Das krasse weswegen der Beitrag diesen Titel hat ist nicht, dass die blind werden, sondern dass die Blinden im Durchschnitt ca. 20 IQ-Punkte schlauer waren, als ihre nicht-blinden Geschwister (und naeheren Verwandten). 20 IQ-Punkte Unterschied in die positive Richtung sind urst krass und nicht mal das Entfernen von Blei aus der Umwelt oder der Einsatz von Jodsalz kommt da ran (zumal letztere auch auf den Durchschnitts-IQ ganzer Populationen wirken und nicht direkt mit individuellen IQs in Verbindung gebracht werden kønnen). Aber weil das NUR die Blinden betrifft wird das noch krasser, denn obwohl …
[a] A genetic contribution to variation in human intelligence is well established […]
… ist es doch so, dass …
[…] the identities of the genes responsible remain elusive.
Oder anders:
[…] no definite genetic causes of enhanced cognition are established […].

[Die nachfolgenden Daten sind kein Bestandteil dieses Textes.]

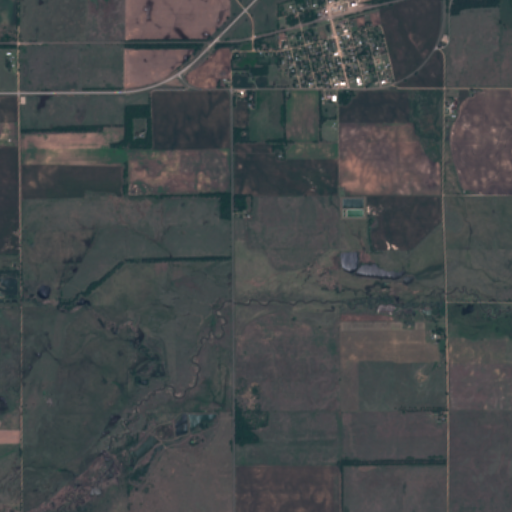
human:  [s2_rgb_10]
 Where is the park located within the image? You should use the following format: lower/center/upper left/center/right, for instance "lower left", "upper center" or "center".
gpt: The park is located in the upper center of the image.
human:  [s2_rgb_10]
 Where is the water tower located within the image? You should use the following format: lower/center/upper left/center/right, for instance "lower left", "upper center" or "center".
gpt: The water tower is located in the upper right of the image.
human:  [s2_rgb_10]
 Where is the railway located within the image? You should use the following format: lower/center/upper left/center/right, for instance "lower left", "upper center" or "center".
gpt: The railway is located in the upper of the image.
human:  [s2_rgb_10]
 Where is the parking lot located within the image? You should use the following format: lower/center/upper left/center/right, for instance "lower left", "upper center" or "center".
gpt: There is no parking lot in the image.
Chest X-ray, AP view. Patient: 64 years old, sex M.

Auf all das ging ich insb. in den Nachtraegen zur Intelligenzquotientreihe bereits ein. Ich schreibe hier aber schon wieder darueber, denn genau das Gegenteil dessen was im letzten Zitat „bemaengelt“ wird scheint bei dieser Familie der Fall zu sein und das entsprechende Gen ist wohl RIMS1. Krass wa! … … …

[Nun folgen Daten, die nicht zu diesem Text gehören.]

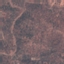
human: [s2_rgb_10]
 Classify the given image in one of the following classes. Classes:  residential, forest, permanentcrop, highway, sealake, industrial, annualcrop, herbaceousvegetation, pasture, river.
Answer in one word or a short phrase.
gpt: HerbaceousVegetation

… … … Oder auch nicht, denn kurz nach dem ich obigen Artikel gelesen hatte, stolperte ich ueber „Dominant Cone Rod Dystrophy, Previously Assigned to a Missense Variant in RIMS1, Is Fully Explained by Co-Inheritance of a Dominant Allele of PROM1“ von Martin-Gutierrez, M. P. et al. in Investigative Ophthalmology & Visual Science, 63 (9), article 14, 2022.

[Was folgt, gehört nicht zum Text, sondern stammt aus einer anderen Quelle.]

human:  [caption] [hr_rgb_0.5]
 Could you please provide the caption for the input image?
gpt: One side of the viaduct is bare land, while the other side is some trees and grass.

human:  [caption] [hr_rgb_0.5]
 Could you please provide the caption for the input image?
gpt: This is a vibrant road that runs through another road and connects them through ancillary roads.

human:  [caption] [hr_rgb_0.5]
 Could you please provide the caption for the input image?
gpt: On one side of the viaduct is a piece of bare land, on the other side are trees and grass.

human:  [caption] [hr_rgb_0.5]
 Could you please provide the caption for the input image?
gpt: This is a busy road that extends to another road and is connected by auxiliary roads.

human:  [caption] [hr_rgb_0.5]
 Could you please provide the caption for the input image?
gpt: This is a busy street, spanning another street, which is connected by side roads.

Die Autoren benutzen bessere Techniken und (viel) groeszere Datensets (es ist urst krass viel passiert in den 15 Jahren zwischen den beiden Artikeln).
Das Resultat (in kurz): RIMS1 ist nicht fuer die Blindheit verantwortlich.
Das Resultat (in etwas laenger aber immer noch all zu verkuerzend und alle statistischen Argumente weglassend): es gibt ein weiteres Familienmitglied OHNE die RIMS1-Mutation, welches aber mittlerweile auch blind geworden ist. Leider (#1) stand dises nicht fuer weitere genetischen Untersuchungen zur Verfuegung, aber alle ANDEREN Blinden Familienmitglieder sind Traeger einer PROM1-Mutation, die viel deutlicher mit Blindheit assoziiert ist, als RIMS1. Leider (#2) geht es Martin-Gutierrez, M. P. et al. nicht im Geringsten um kognitive Faehigkeiten. Leider (#3) wurde mit dem (jetzt auch blinden) Familienmitgleid ohne RIMS1-Mutation damals kein IQ-Test durchgefuehrt … die krasse Sache die ich oben schrieb bleibt also mindestens halboffen.
Ich schreibe „halboffen“, denn im ersten Artikel scheint ja dennoch alles auf genetische Ursachen der erhøhten Intelligenz (und Blindheit) hinzudeuten. Die nicht-blinden Familienmitglieder sind naemlich normal intelligent … es ist halt nur mglw. nicht RIMS1 … und hier stoppe ich mich selbst, denn ich habe davon ueberhaupt keine Ahnung und verfalle in reine Spekulation ohne sicheres „Fundament“.
Nebenbemerkung: Martin-Gutierrez, M. P. et al. legen uebrigens gut dar, dass diese Missattribuierung jedem haette passieren kønnen und definitiv nicht Sisodiya, S. M. et al. in die Schuhe zu schieben ist, denn die ganze (nicht nur genetische) Situation in dieser Sache ist so ungewøhnlich und kann auch heute noch leicht mit statistisch-gesehen-muss-RIMS1-fuer-die-Blindheit-verantwortlich-sein verwechselt werden.
Lange Rede kurzer Sinn: es sieht fuer mich trotz aller Widrigkeiten so aus, dass man einer genetischen Ursache fuer krass erhøhte Intelligenz auf der Spur ist. Sollte dem so sein, bleibt diese leider auch hier wieder mit einem massiven Nachteil verbunden.